What needs to be done:
An exact copy of every entry is needed, with the images left out.

Data excerpts START

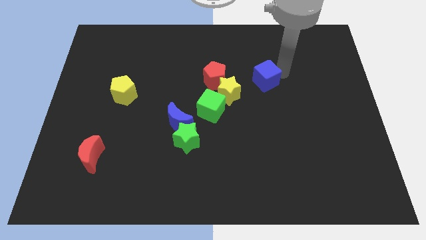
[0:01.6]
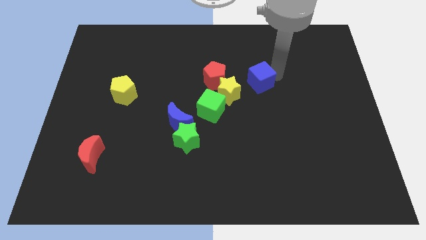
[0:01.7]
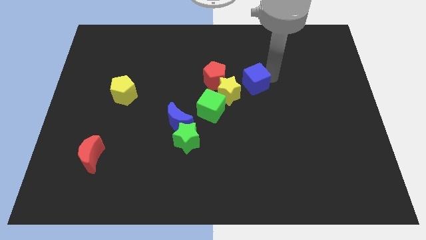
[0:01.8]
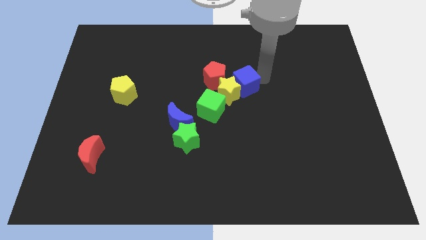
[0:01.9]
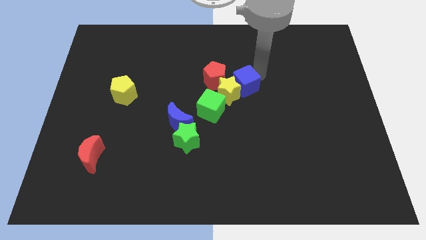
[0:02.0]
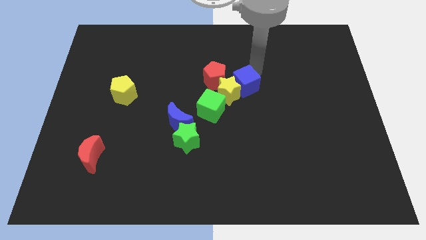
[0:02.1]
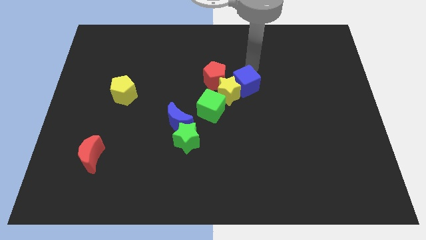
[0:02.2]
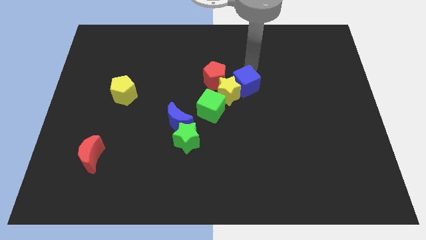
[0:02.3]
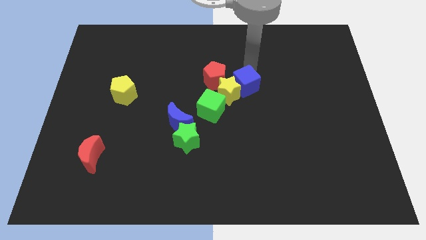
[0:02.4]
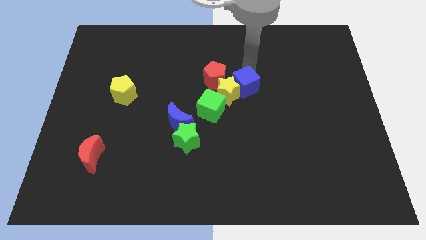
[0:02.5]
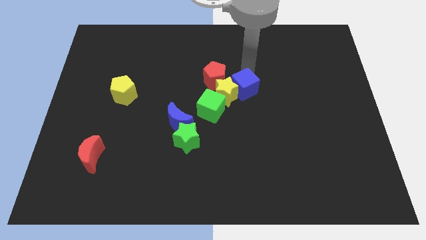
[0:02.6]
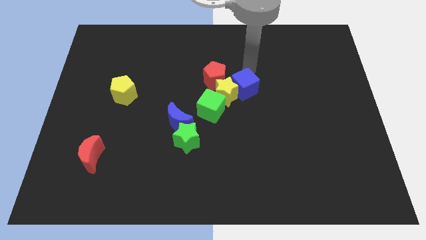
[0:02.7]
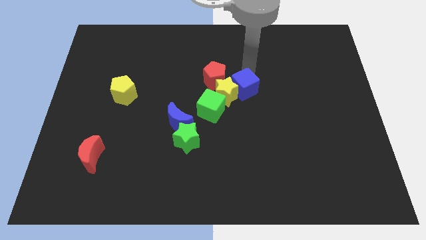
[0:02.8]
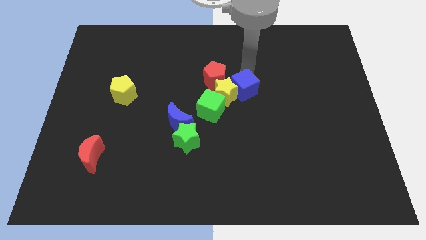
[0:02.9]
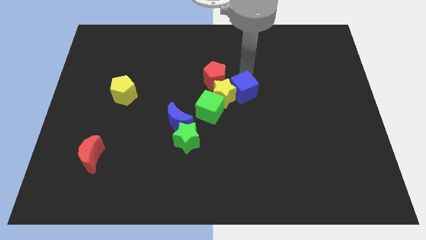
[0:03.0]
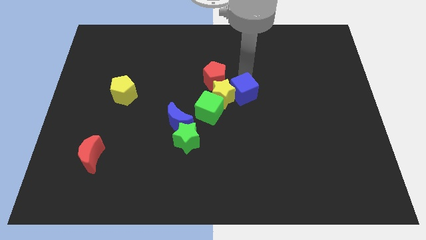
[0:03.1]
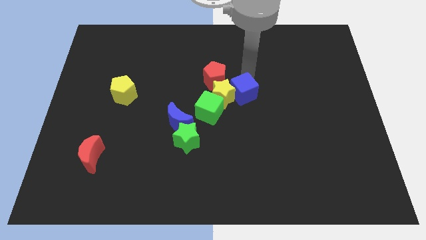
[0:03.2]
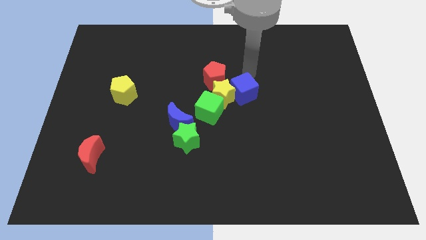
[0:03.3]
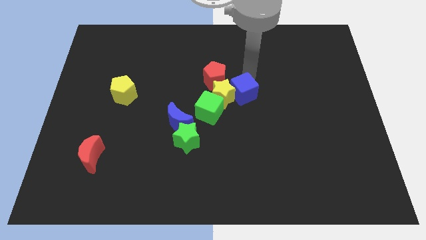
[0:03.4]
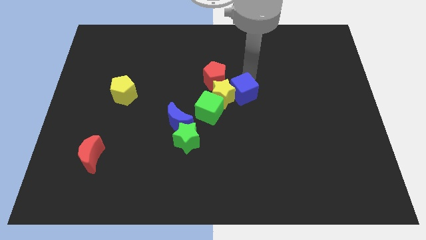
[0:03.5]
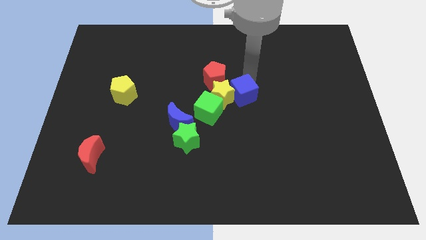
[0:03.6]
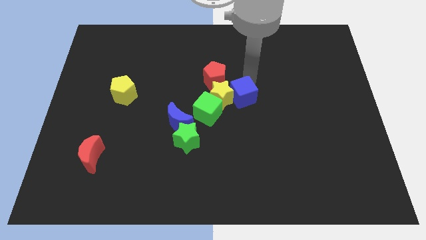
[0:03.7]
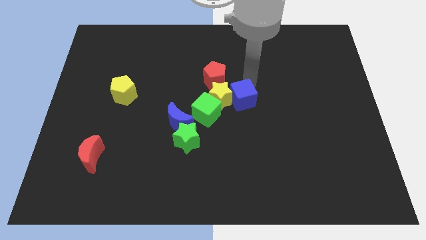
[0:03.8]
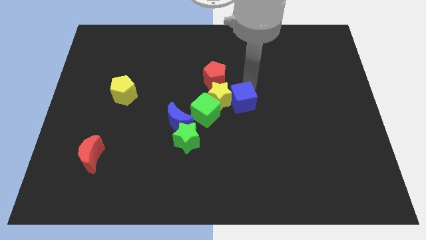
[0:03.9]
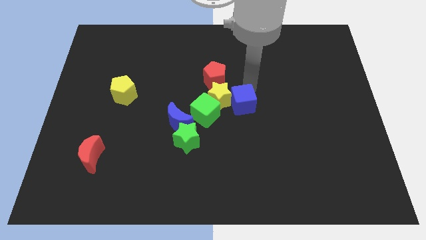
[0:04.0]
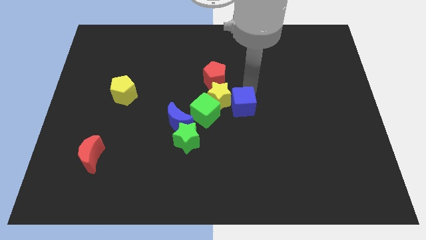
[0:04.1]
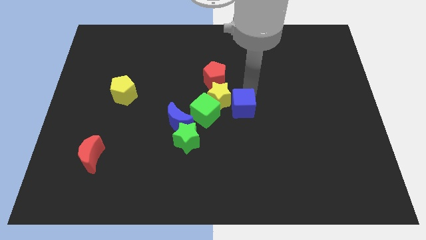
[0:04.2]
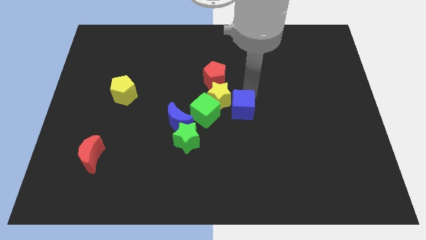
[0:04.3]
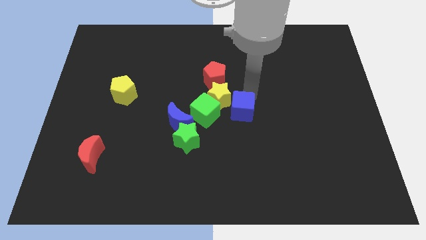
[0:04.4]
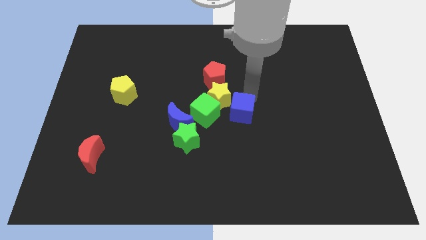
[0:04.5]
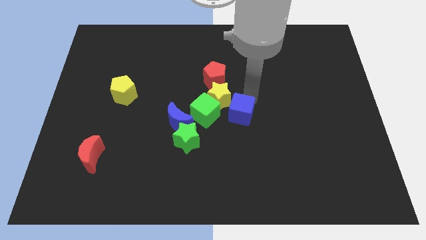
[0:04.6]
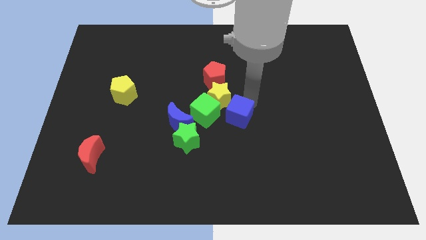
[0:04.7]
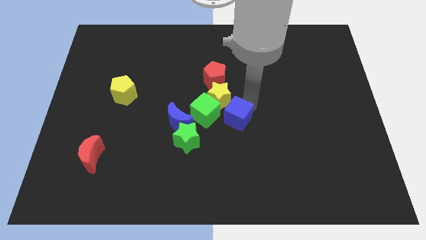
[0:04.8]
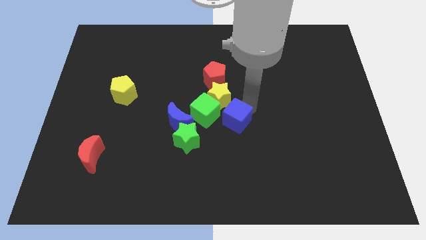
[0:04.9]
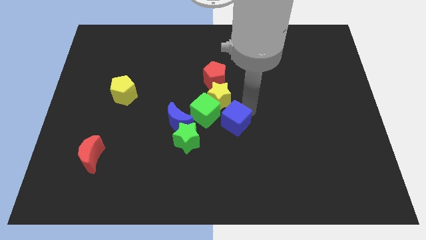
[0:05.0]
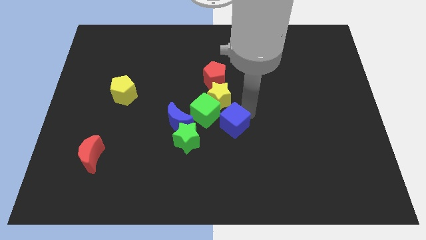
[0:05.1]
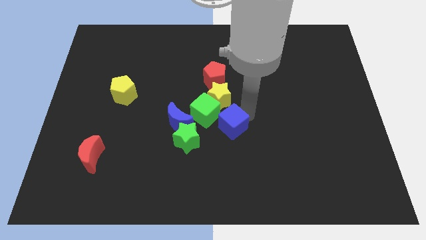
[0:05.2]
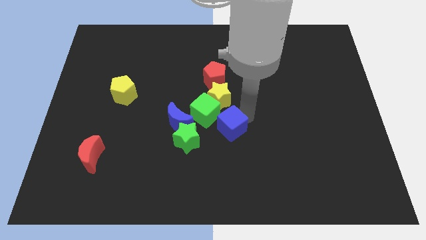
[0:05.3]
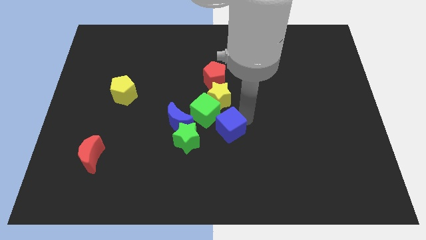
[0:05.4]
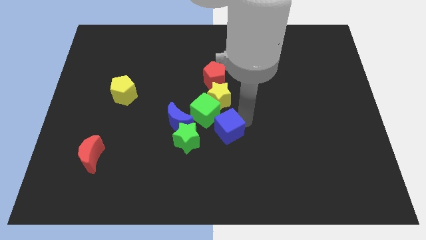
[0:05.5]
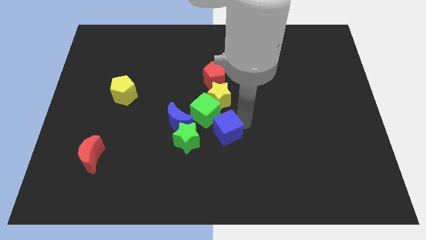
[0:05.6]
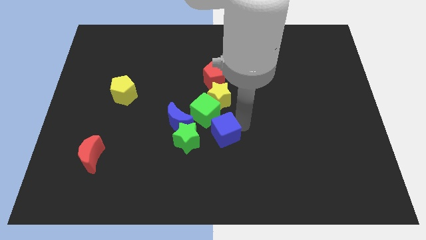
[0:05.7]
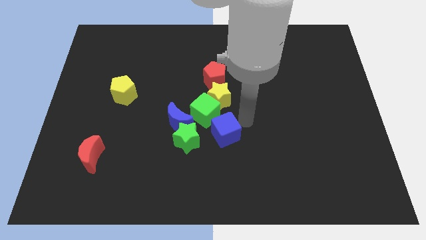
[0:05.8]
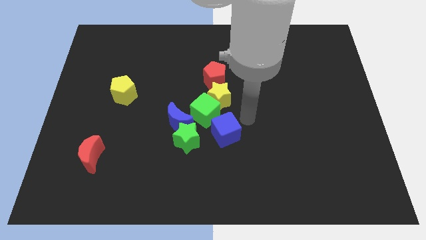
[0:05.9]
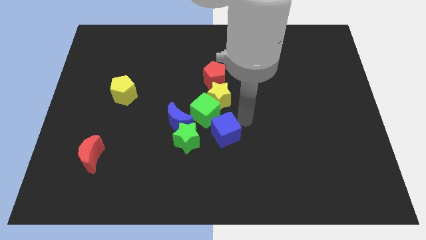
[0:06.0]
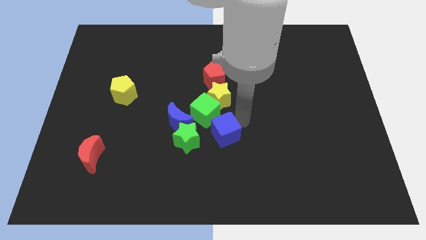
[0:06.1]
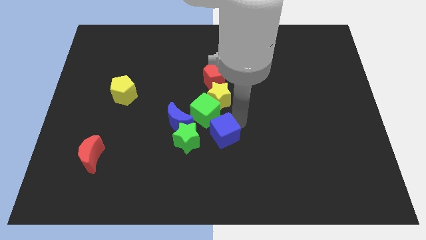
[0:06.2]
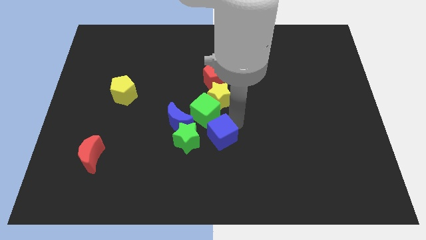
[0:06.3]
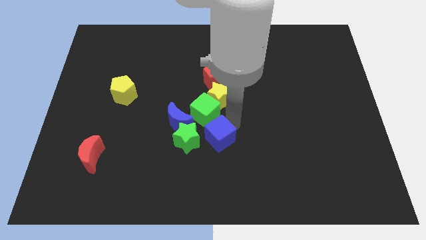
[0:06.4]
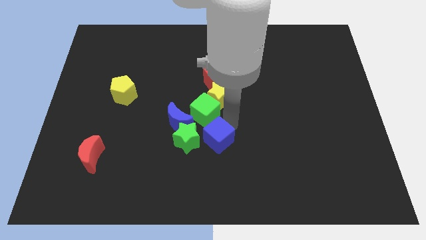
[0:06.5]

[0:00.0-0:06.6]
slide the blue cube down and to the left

Data excerpts END

Result of this exercise:
[0:01.6]
[0:01.7]
[0:01.8]
[0:01.9]
[0:02.0]
[0:02.1]
[0:02.2]
[0:02.3]
[0:02.4]
[0:02.5]
[0:02.6]
[0:02.7]
[0:02.8]
[0:02.9]
[0:03.0]
[0:03.1]
[0:03.2]
[0:03.3]
[0:03.4]
[0:03.5]
[0:03.6]
[0:03.7]
[0:03.8]
[0:03.9]
[0:04.0]
[0:04.1]
[0:04.2]
[0:04.3]
[0:04.4]
[0:04.5]
[0:04.6]
[0:04.7]
[0:04.8]
[0:04.9]
[0:05.0]
[0:05.1]
[0:05.2]
[0:05.3]
[0:05.4]
[0:05.5]
[0:05.6]
[0:05.7]
[0:05.8]
[0:05.9]
[0:06.0]
[0:06.1]
[0:06.2]
[0:06.3]
[0:06.4]
[0:06.5]

[0:00.0-0:06.6]
slide the blue cube down and to the left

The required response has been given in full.